◆ Source information:
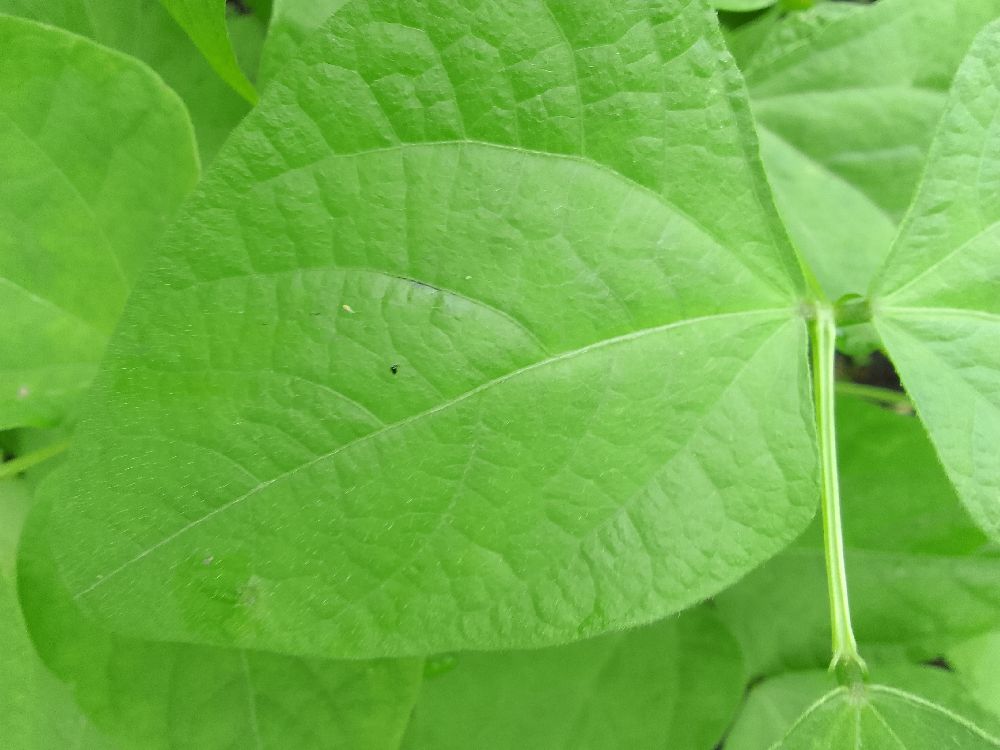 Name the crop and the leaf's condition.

common bean, healthy
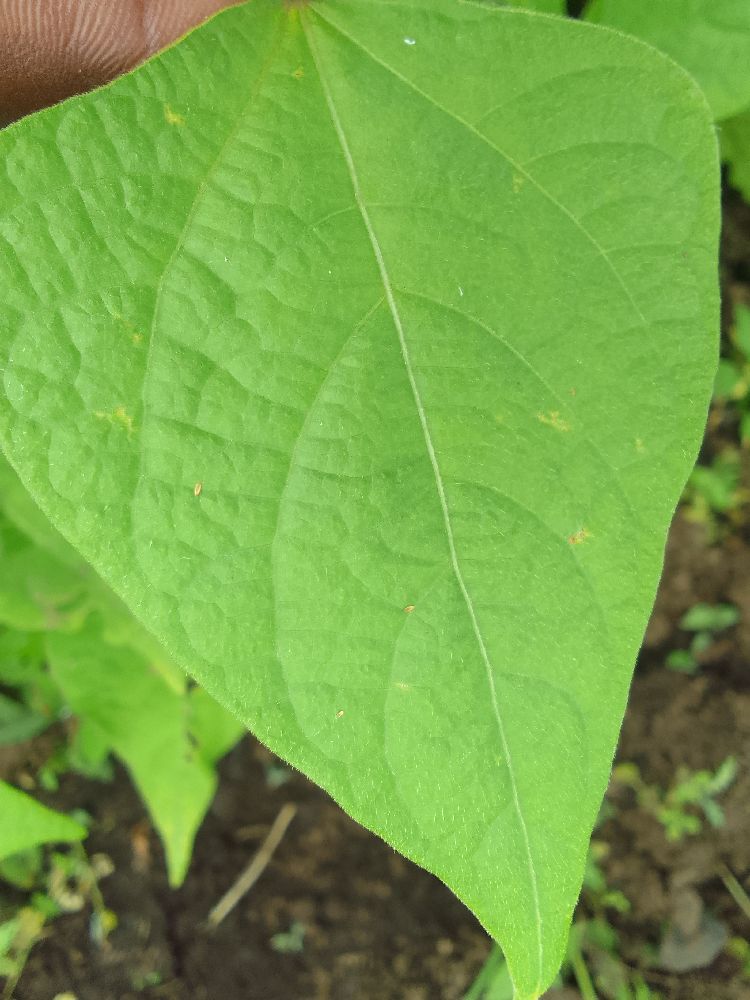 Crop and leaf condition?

common bean, healthy
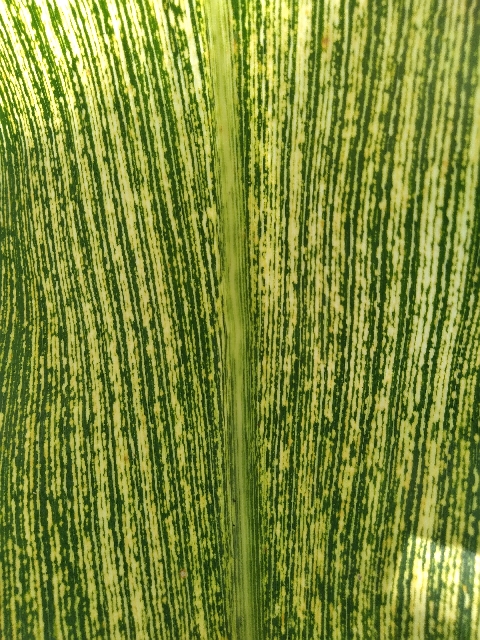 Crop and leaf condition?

maize, maize streak virus
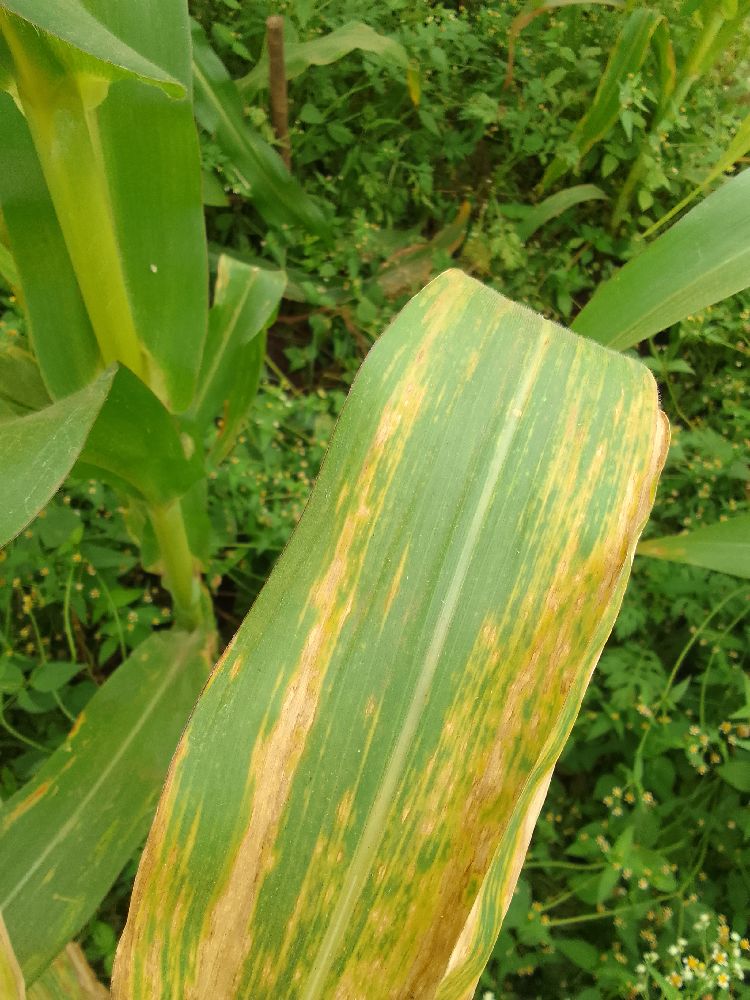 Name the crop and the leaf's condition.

maize, maize lethal necrosis
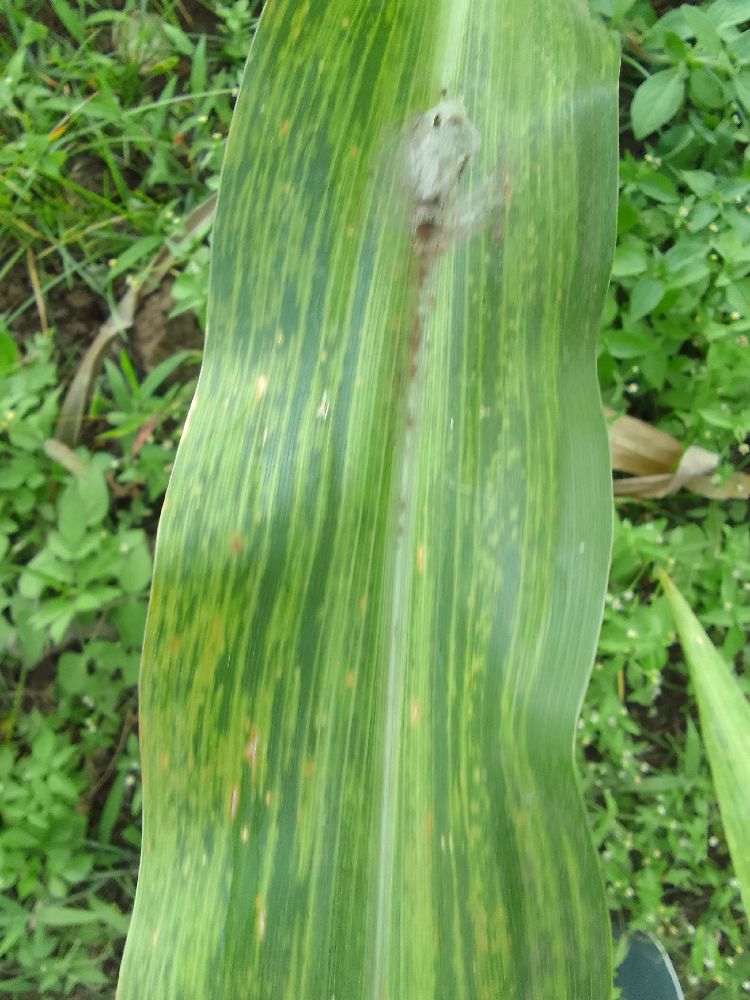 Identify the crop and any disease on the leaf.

maize, maize lethal necrosis
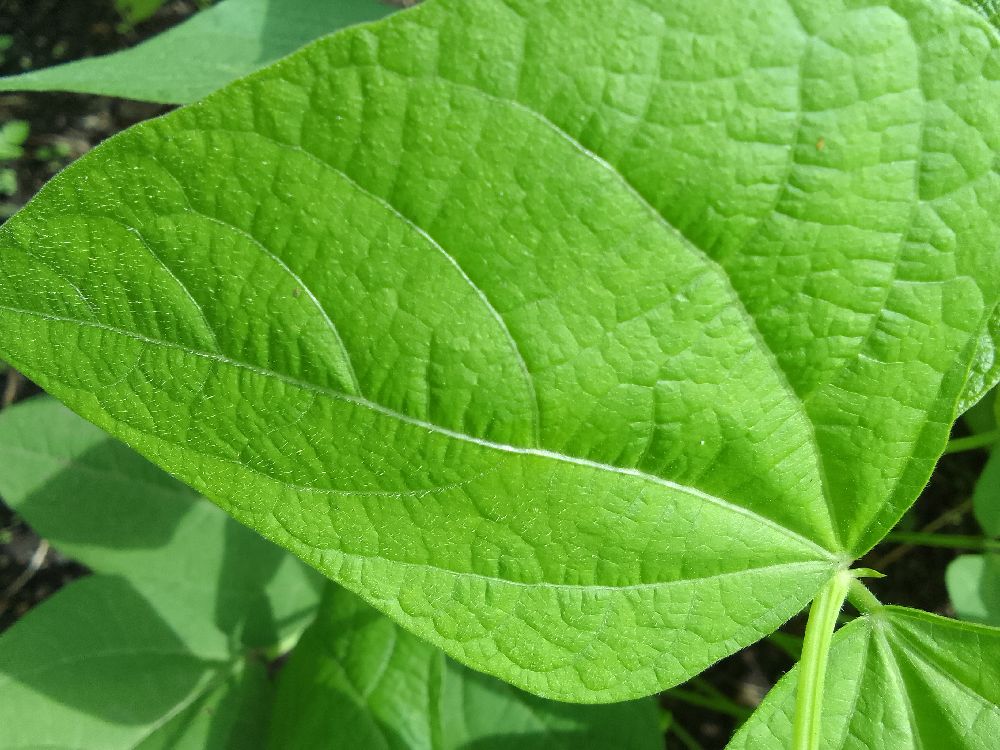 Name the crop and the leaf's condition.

◆ Task:
Reproduce the lines above exactly, please, but not the pictures in them.

◆ Answer below:
 Name the crop and the leaf's condition.

common bean, healthy
 Crop and leaf condition?

common bean, healthy
 Crop and leaf condition?

maize, maize streak virus
 Name the crop and the leaf's condition.

maize, maize lethal necrosis
 Identify the crop and any disease on the leaf.

maize, maize lethal necrosis
 Name the crop and the leaf's condition.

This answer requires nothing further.